To: John Vosilla who wrote (146926)9/16/2008 1:12:01 PM
From: MulhollandDriveRead Replies (1) | Respond to of 306849
 
i remember that period....there were huge tax shelters given and billions of dollars went into commercial real estate development creating a huge oversupply

to this day some of those buildings (at least in my area) are still partially empty.....the next building boom just moved location further outside the concentric circle...that's where we are now, huge oversupply already built and still under construction...

are you suggesting that somehow things aren't as bad as they were then?



To: John Vosilla who wrote (146926)9/16/2008 1:22:13 PM
From: butschi2Read Replies (2) | Respond to of 306849
 
Today compared to 1989-93 is different, because interconnection in the financial system are far stronger and the system is now truly global and will affect all countries around the globe and we have financial WMDs now.

The WMDs didnt exist on this scale in the good old times and now the face value of derivatives is $600 trillion. Its the leverage based on leveraged assets that makes all very dangerous. OpEx will get very interesting for this month.

Nearly all asset classes had very wild swings in the last month:
Gold, Oil, Other Commodities, equities, bonds and currencies, coupled with spreads, volatility and TED-Spreads increasing on top of this come losses from LEH-CDS, AIG-CDS and outright losses from LEH hitting the wall.

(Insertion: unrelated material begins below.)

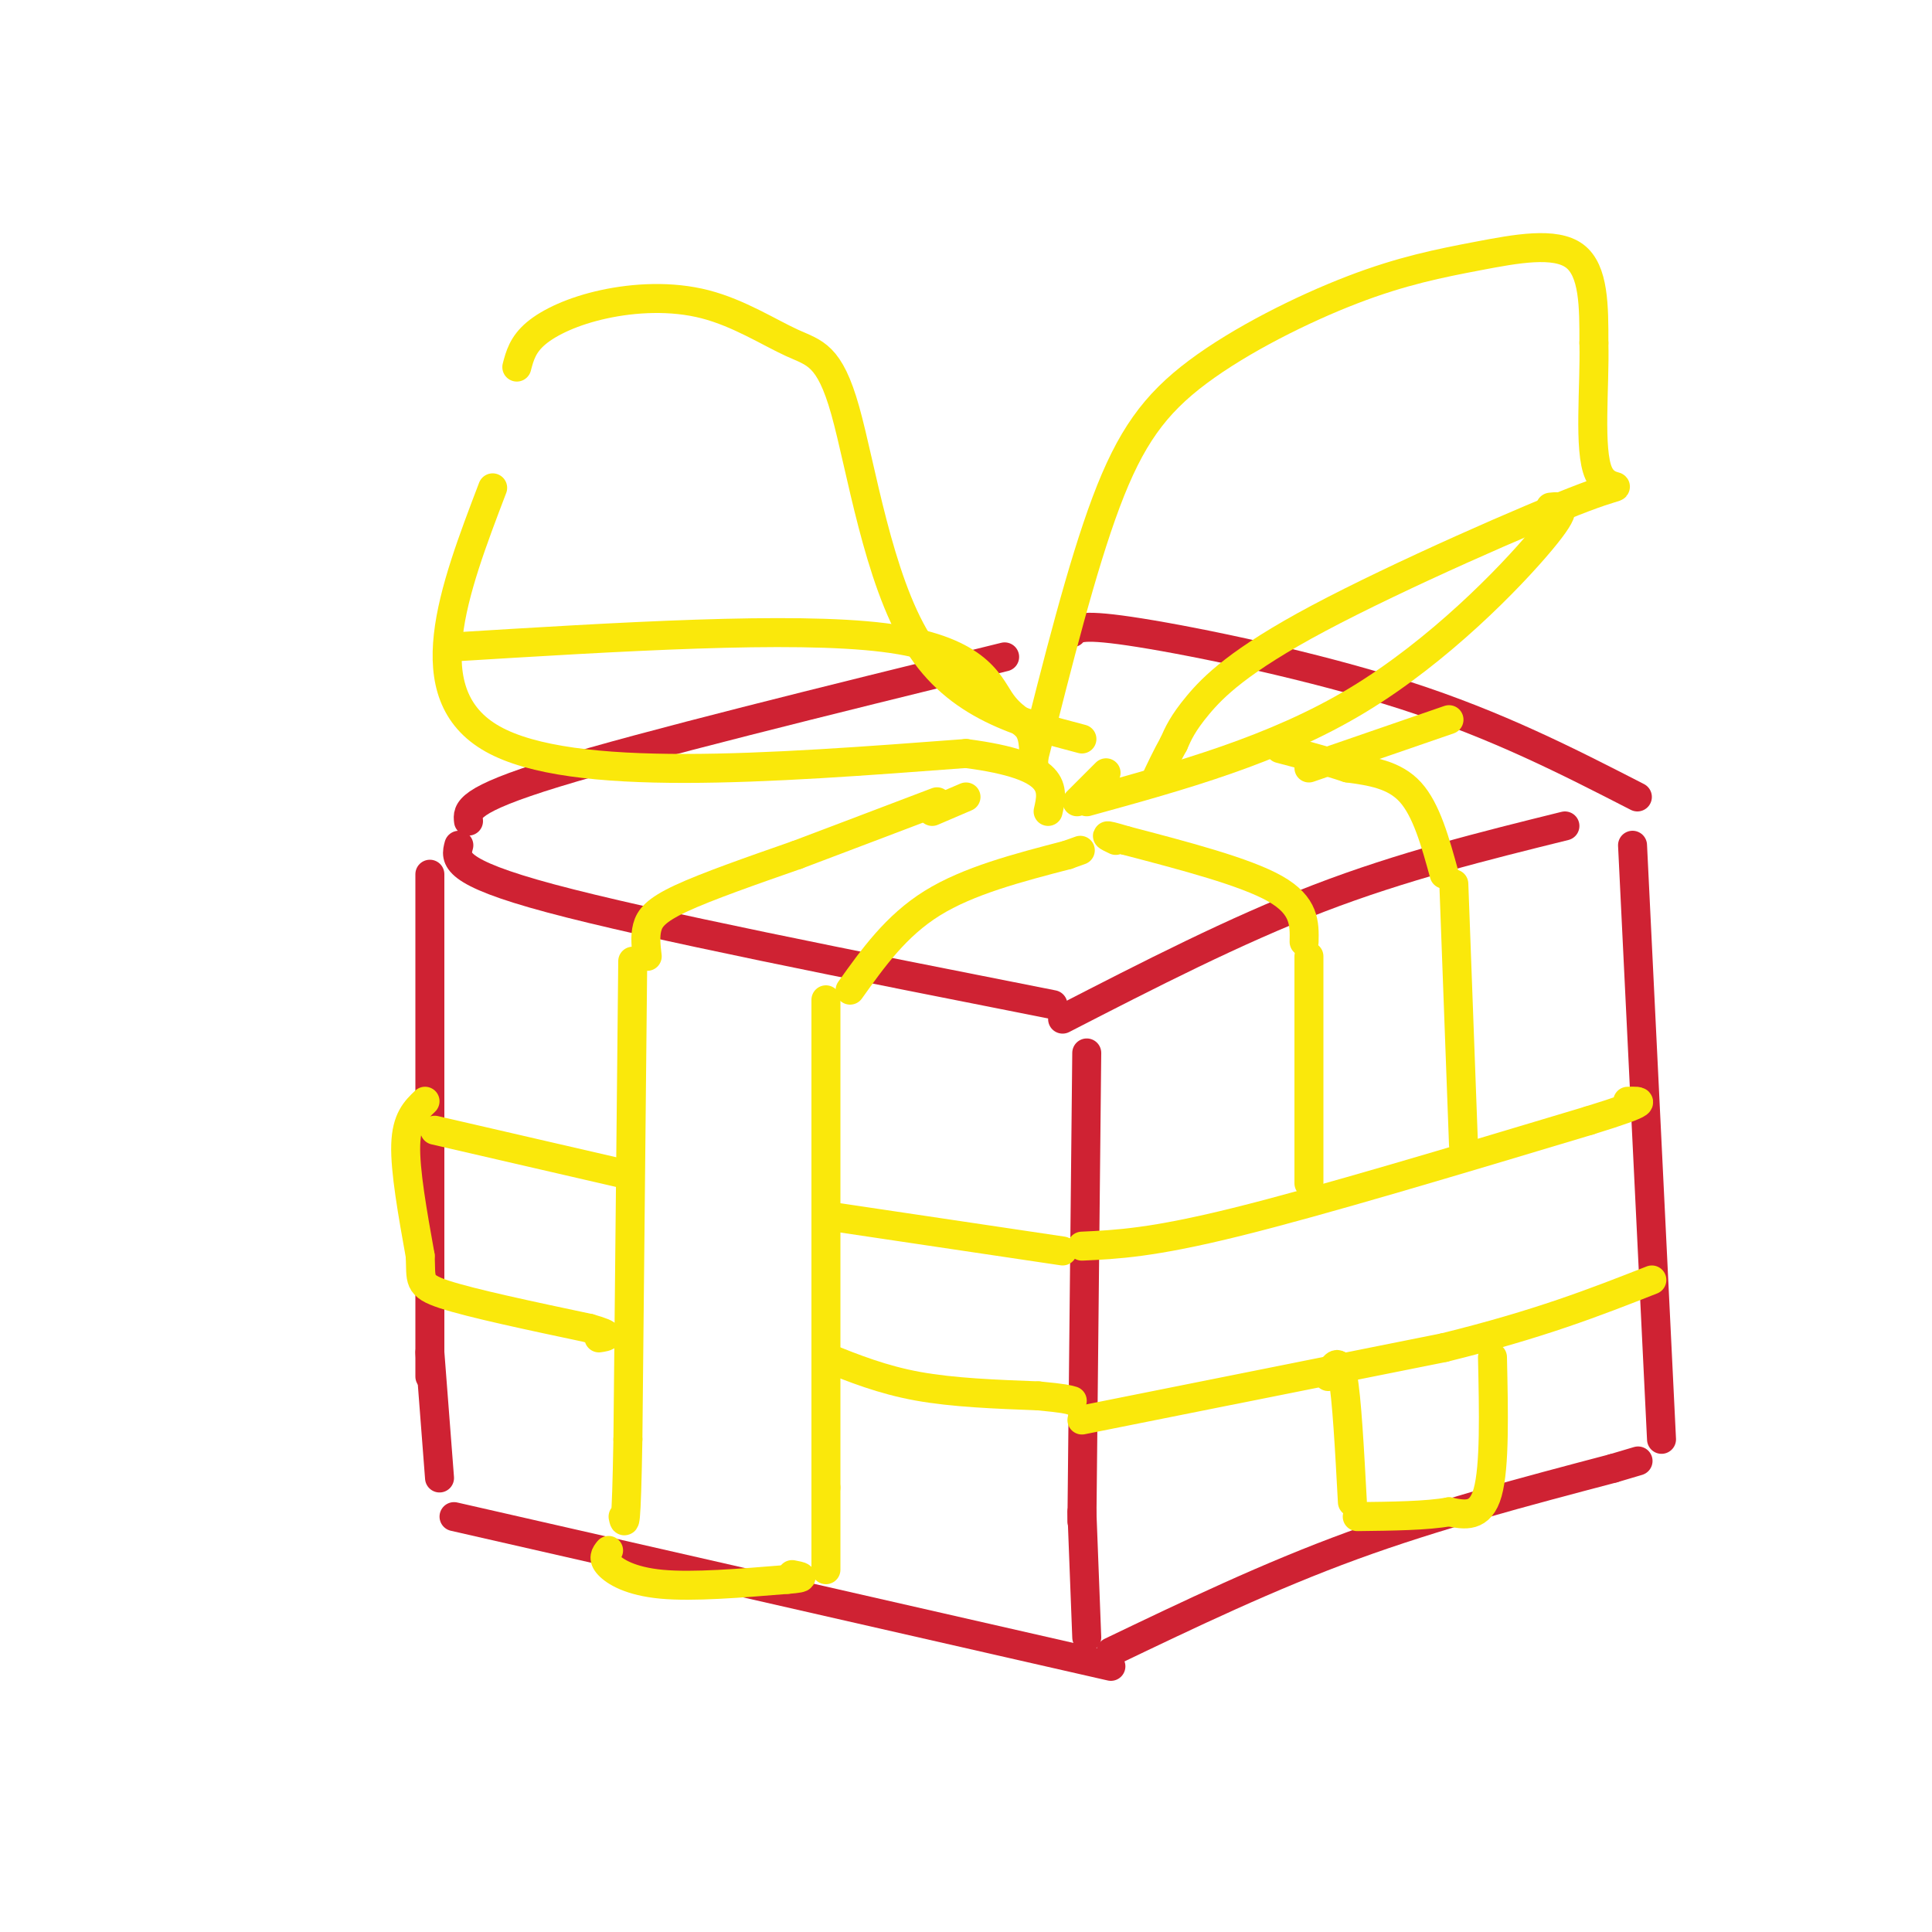 <svg viewBox='0 0 400 400' version='1.1' xmlns='http://www.w3.org/2000/svg' xmlns:xlink='http://www.w3.org/1999/xlink'><g fill='none' stroke='#cf2233' stroke-width='6' stroke-linecap='round' stroke-linejoin='round'><path d='M89,181c0.000,0.000 0.000,104.000 0,104'/><path d='M95,175c-0.750,2.750 -1.500,5.500 19,11c20.500,5.500 62.250,13.750 104,22'/><path d='M97,170c-0.250,-2.167 -0.500,-4.333 18,-10c18.500,-5.667 55.750,-14.833 93,-24'/><path d='M220,211c17.833,-9.167 35.667,-18.333 53,-25c17.333,-6.667 34.167,-10.833 51,-15'/><path d='M222,131c0.867,-0.978 1.733,-1.956 14,0c12.267,1.956 35.933,6.844 55,13c19.067,6.156 33.533,13.578 48,21'/><path d='M225,218c0.000,0.000 -1.000,97.000 -1,97'/><path d='M89,280c0.000,0.000 2.000,26.000 2,26'/><path d='M94,314c0.000,0.000 136.000,31.000 136,31'/><path d='M224,313c0.000,0.000 1.000,26.000 1,26'/><path d='M230,342c16.333,-7.833 32.667,-15.667 50,-22c17.333,-6.333 35.667,-11.167 54,-16'/><path d='M334,304c9.000,-2.667 4.500,-1.333 0,0'/><path d='M338,175c0.000,0.000 6.000,123.000 6,123'/></g>
<g fill='none' stroke='#fae80b' stroke-width='6' stroke-linecap='round' stroke-linejoin='round'><path d='M131,199c0.000,0.000 -1.000,99.000 -1,99'/><path d='M130,298c-0.333,19.167 -0.667,17.583 -1,16'/><path d='M171,207c0.000,0.000 0.000,101.000 0,101'/><path d='M171,308c0.000,19.500 0.000,17.750 0,16'/><path d='M90,234c0.000,0.000 39.000,9.000 39,9'/><path d='M88,228c-1.917,1.833 -3.833,3.667 -4,9c-0.167,5.333 1.417,14.167 3,23'/><path d='M87,260c0.244,5.044 -0.644,6.156 5,8c5.644,1.844 17.822,4.422 30,7'/><path d='M122,275c5.333,1.500 3.667,1.750 2,2'/><path d='M173,252c0.000,0.000 47.000,7.000 47,7'/><path d='M171,281c5.833,2.333 11.667,4.667 19,6c7.333,1.333 16.167,1.667 25,2'/><path d='M215,289c5.333,0.500 6.167,0.750 7,1'/><path d='M224,258c7.250,-0.333 14.500,-0.667 32,-5c17.500,-4.333 45.250,-12.667 73,-21'/><path d='M329,232c13.500,-4.167 10.750,-4.083 8,-4'/><path d='M224,294c0.000,0.000 75.000,-15.000 75,-15'/><path d='M299,279c19.667,-4.833 31.333,-9.417 43,-14'/><path d='M271,198c0.000,0.000 0.000,47.000 0,47'/><path d='M301,183c0.000,0.000 2.000,54.000 2,54'/><path d='M275,285c1.083,-2.167 2.167,-4.333 3,0c0.833,4.333 1.417,15.167 2,26'/><path d='M309,281c0.250,11.333 0.500,22.667 -1,28c-1.500,5.333 -4.750,4.667 -8,4'/><path d='M300,313c-4.500,0.833 -11.750,0.917 -19,1'/><path d='M126,321c-0.644,0.800 -1.289,1.600 0,3c1.289,1.400 4.511,3.400 11,4c6.489,0.600 16.244,-0.200 26,-1'/><path d='M163,327c4.500,-0.333 2.750,-0.667 1,-1'/><path d='M134,198c-0.244,-2.067 -0.489,-4.133 0,-6c0.489,-1.867 1.711,-3.533 7,-6c5.289,-2.467 14.644,-5.733 24,-9'/><path d='M165,177c8.833,-3.333 18.917,-7.167 29,-11'/><path d='M176,205c4.750,-6.667 9.500,-13.333 17,-18c7.500,-4.667 17.750,-7.333 28,-10'/><path d='M221,177c4.667,-1.667 2.333,-0.833 0,0'/><path d='M270,195c0.083,-3.750 0.167,-7.500 -6,-11c-6.167,-3.500 -18.583,-6.750 -31,-10'/><path d='M233,174c-5.500,-1.667 -3.750,-0.833 -2,0'/><path d='M299,181c-1.833,-6.667 -3.667,-13.333 -7,-17c-3.333,-3.667 -8.167,-4.333 -13,-5'/><path d='M279,159c-4.500,-1.500 -9.250,-2.750 -14,-4'/><path d='M224,153c-12.897,-3.379 -25.794,-6.759 -34,-20c-8.206,-13.241 -11.721,-36.344 -15,-48c-3.279,-11.656 -6.321,-11.866 -11,-14c-4.679,-2.134 -10.997,-6.190 -18,-8c-7.003,-1.810 -14.693,-1.372 -21,0c-6.307,1.372 -11.231,3.678 -14,6c-2.769,2.322 -3.385,4.661 -4,7'/><path d='M102,101c-8.167,21.417 -16.333,42.833 0,52c16.333,9.167 57.167,6.083 98,3'/><path d='M200,156c19.167,2.500 18.083,7.250 17,12'/><path d='M93,134c35.494,-2.185 70.988,-4.369 90,-2c19.012,2.369 21.542,9.292 24,13c2.458,3.708 4.845,4.202 6,6c1.155,1.798 1.077,4.899 1,8'/><path d='M214,157c4.989,-19.809 9.978,-39.619 15,-53c5.022,-13.381 10.078,-20.334 19,-27c8.922,-6.666 21.711,-13.044 32,-17c10.289,-3.956 18.078,-5.488 26,-7c7.922,-1.512 15.978,-3.003 20,0c4.022,3.003 4.011,10.502 4,18'/><path d='M330,71c0.237,8.932 -1.171,22.264 1,27c2.171,4.736 7.922,0.878 -3,5c-10.922,4.122 -38.518,16.225 -55,25c-16.482,8.775 -21.852,14.221 -25,18c-3.148,3.779 -4.074,5.889 -5,8'/><path d='M243,154c-1.500,2.667 -2.750,5.333 -4,8'/><path d='M225,166c19.467,-5.356 38.933,-10.711 56,-21c17.067,-10.289 31.733,-25.511 38,-33c6.267,-7.489 4.133,-7.244 2,-7'/><path d='M229,160c0.000,0.000 -6.000,6.000 -6,6'/><path d='M193,168c0.000,0.000 7.000,-3.000 7,-3'/><path d='M271,159c0.000,0.000 29.000,-10.000 29,-10'/></g>
</svg>

This should kill many players on the wrong side. I expect more hedge fonds hitting the wall, especially in the oil pits. With a 30-40% + price decline in a few weeks some players on the wrong side should have gotten wiped out.

The bombs exploding arent solely asset write downs now but boosted by leverage through derivatives. AIG will go down through CDS not through asset write downs on conventional investments. Its the leverage that will kill them.

Therefore i dont believe in decoupling only in a furious recoupling and i expect some huge public infrastructure spending projects in the nex few years to come out of recession/depression.